• **Work required**
Please set down each record exactly as it appears, but leave out any pictures.

[Items listed in a dataset]
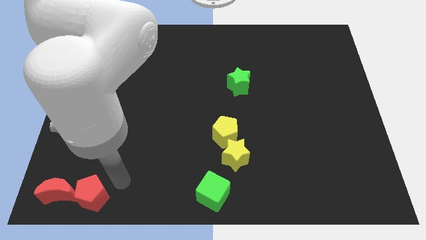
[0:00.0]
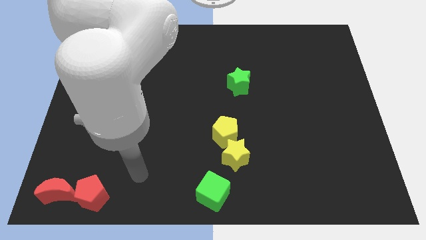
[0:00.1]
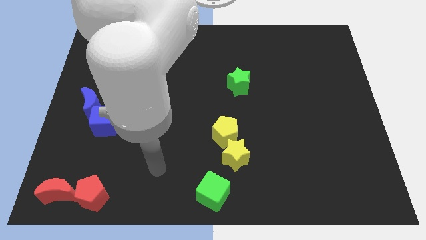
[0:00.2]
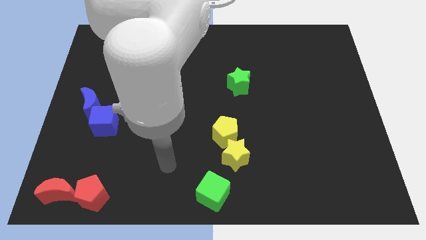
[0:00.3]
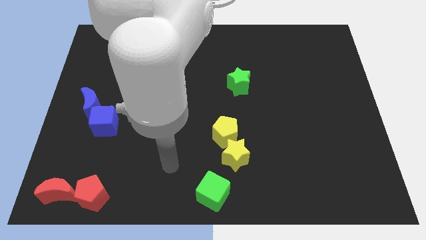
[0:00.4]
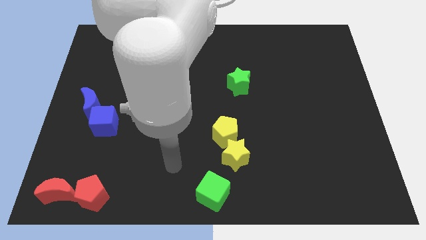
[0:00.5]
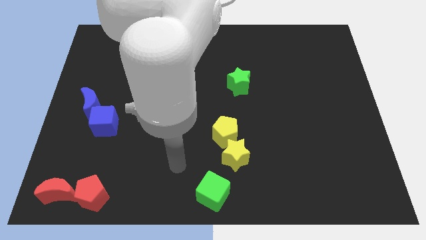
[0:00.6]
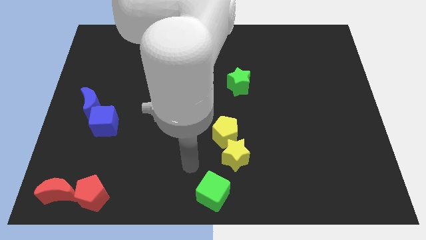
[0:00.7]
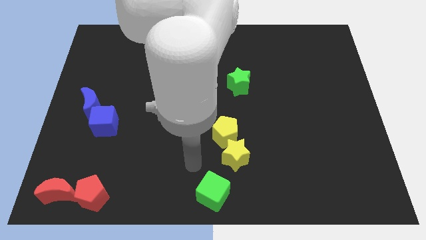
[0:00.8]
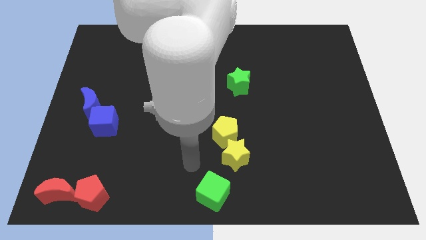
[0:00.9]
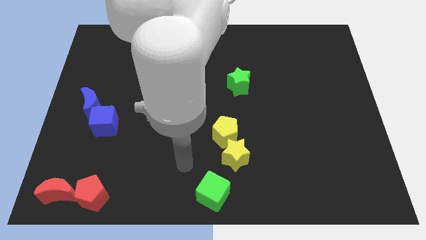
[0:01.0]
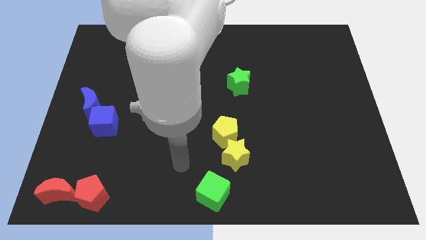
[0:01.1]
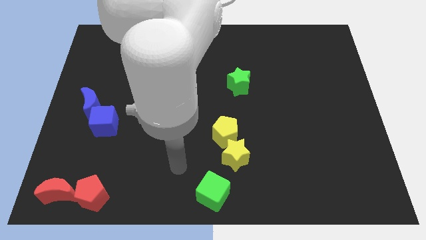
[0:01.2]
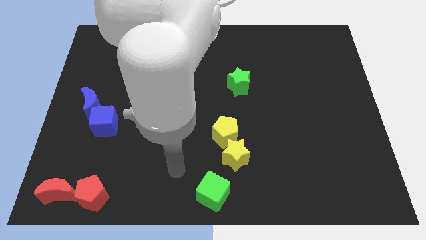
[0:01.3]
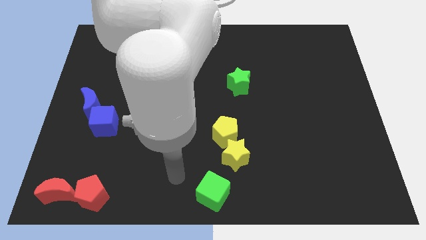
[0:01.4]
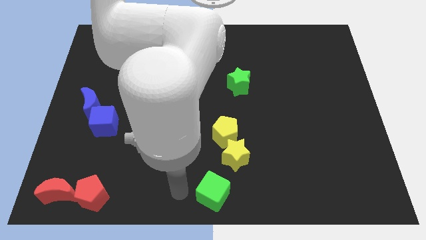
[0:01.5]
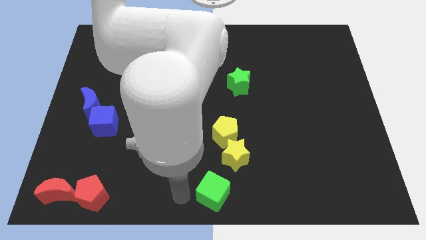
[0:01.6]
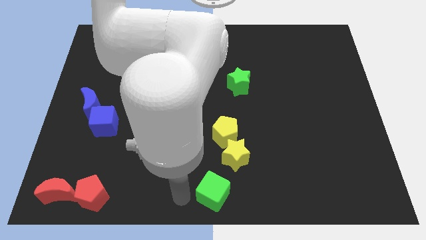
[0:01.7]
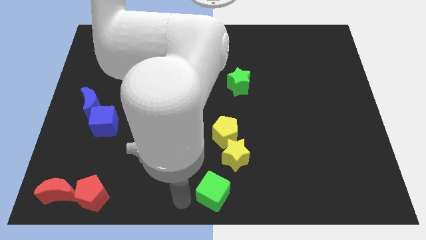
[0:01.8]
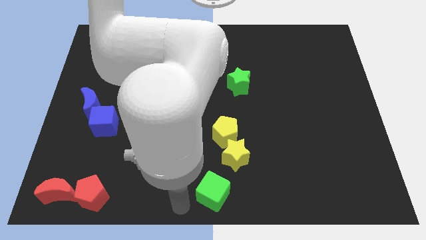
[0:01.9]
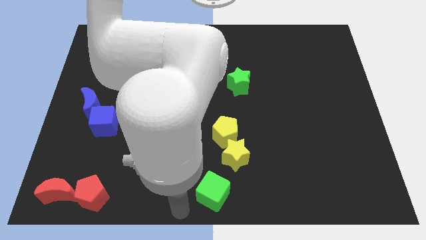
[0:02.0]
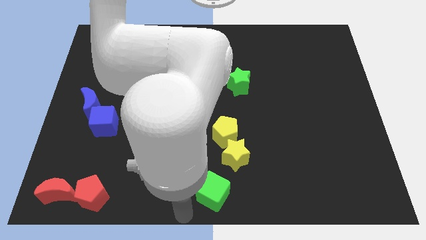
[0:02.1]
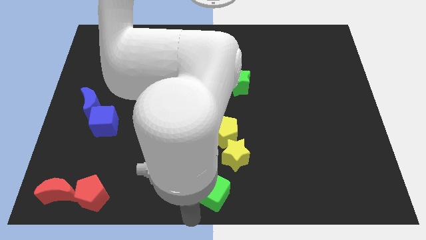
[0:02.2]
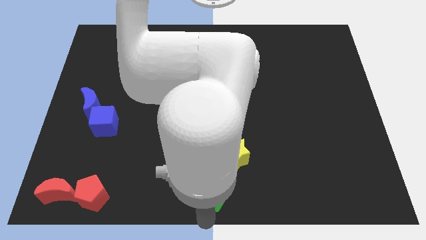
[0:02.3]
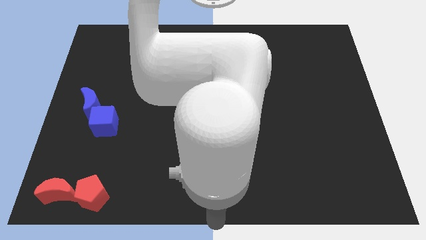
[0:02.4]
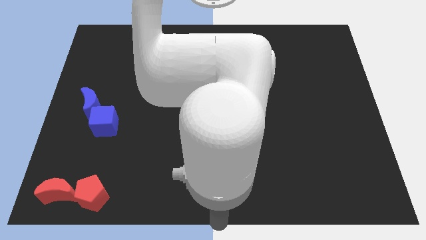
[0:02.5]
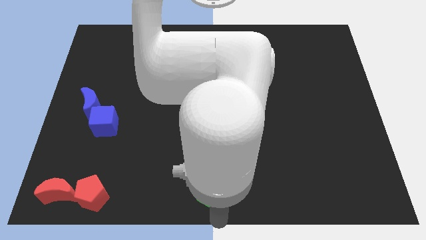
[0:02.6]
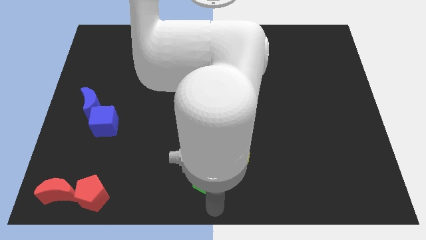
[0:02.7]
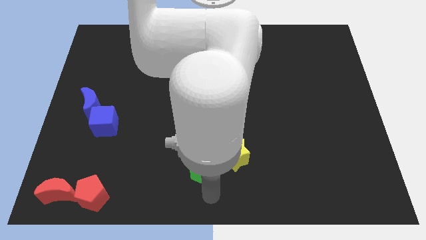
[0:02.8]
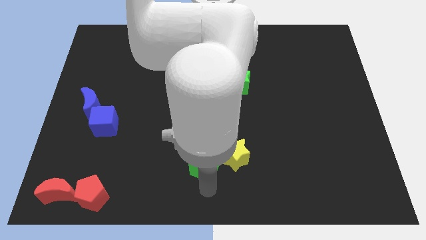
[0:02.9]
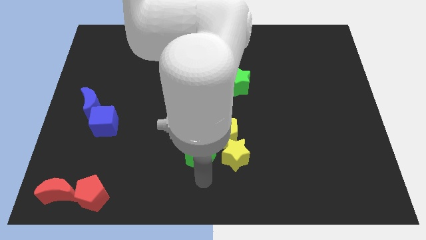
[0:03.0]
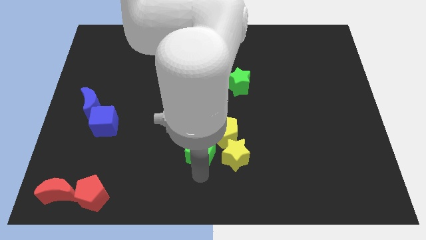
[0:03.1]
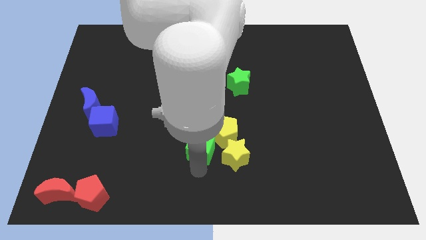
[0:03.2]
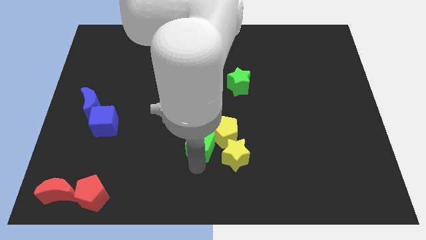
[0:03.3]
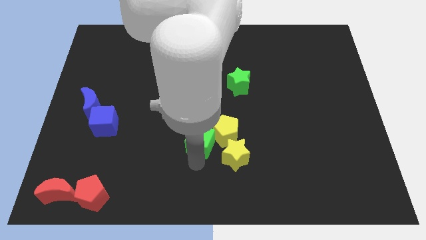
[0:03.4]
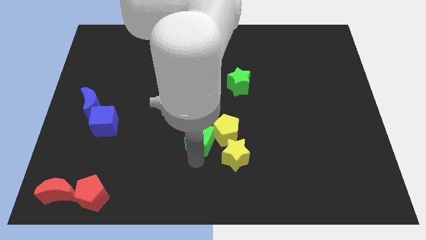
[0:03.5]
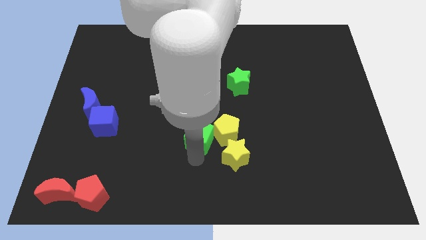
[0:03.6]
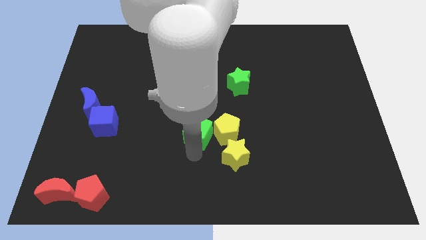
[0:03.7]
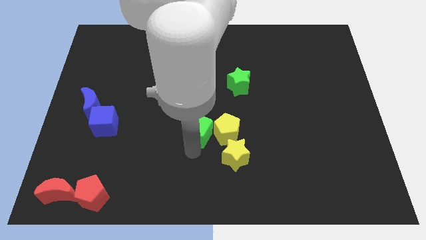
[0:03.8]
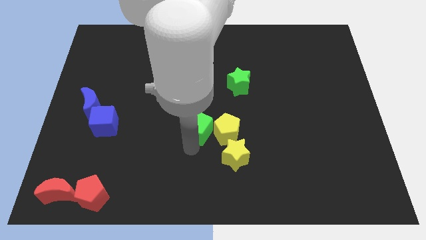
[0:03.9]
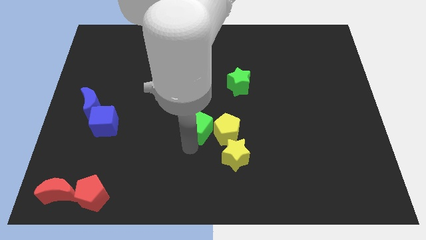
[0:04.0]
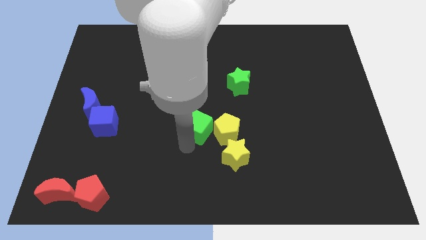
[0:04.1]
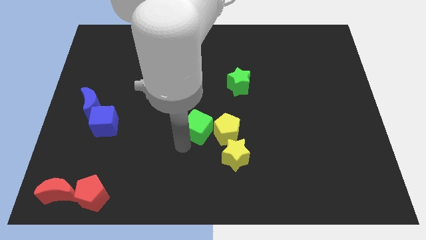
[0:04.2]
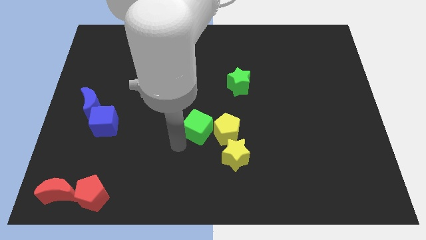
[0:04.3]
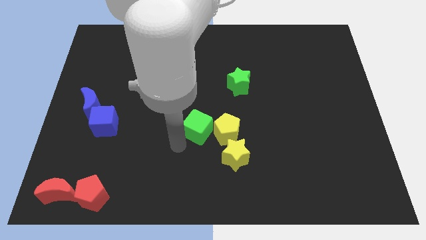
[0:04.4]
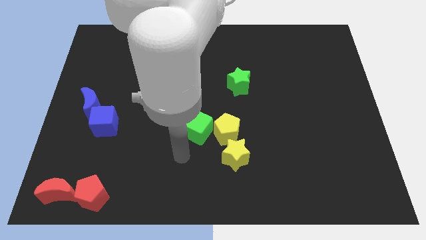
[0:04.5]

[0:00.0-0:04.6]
slide the green cube close to the left side of the yellow pentagon

• **Response to this task**
[0:00.0]
[0:00.1]
[0:00.2]
[0:00.3]
[0:00.4]
[0:00.5]
[0:00.6]
[0:00.7]
[0:00.8]
[0:00.9]
[0:01.0]
[0:01.1]
[0:01.2]
[0:01.3]
[0:01.4]
[0:01.5]
[0:01.6]
[0:01.7]
[0:01.8]
[0:01.9]
[0:02.0]
[0:02.1]
[0:02.2]
[0:02.3]
[0:02.4]
[0:02.5]
[0:02.6]
[0:02.7]
[0:02.8]
[0:02.9]
[0:03.0]
[0:03.1]
[0:03.2]
[0:03.3]
[0:03.4]
[0:03.5]
[0:03.6]
[0:03.7]
[0:03.8]
[0:03.9]
[0:04.0]
[0:04.1]
[0:04.2]
[0:04.3]
[0:04.4]
[0:04.5]

[0:00.0-0:04.6]
slide the green cube close to the left side of the yellow pentagon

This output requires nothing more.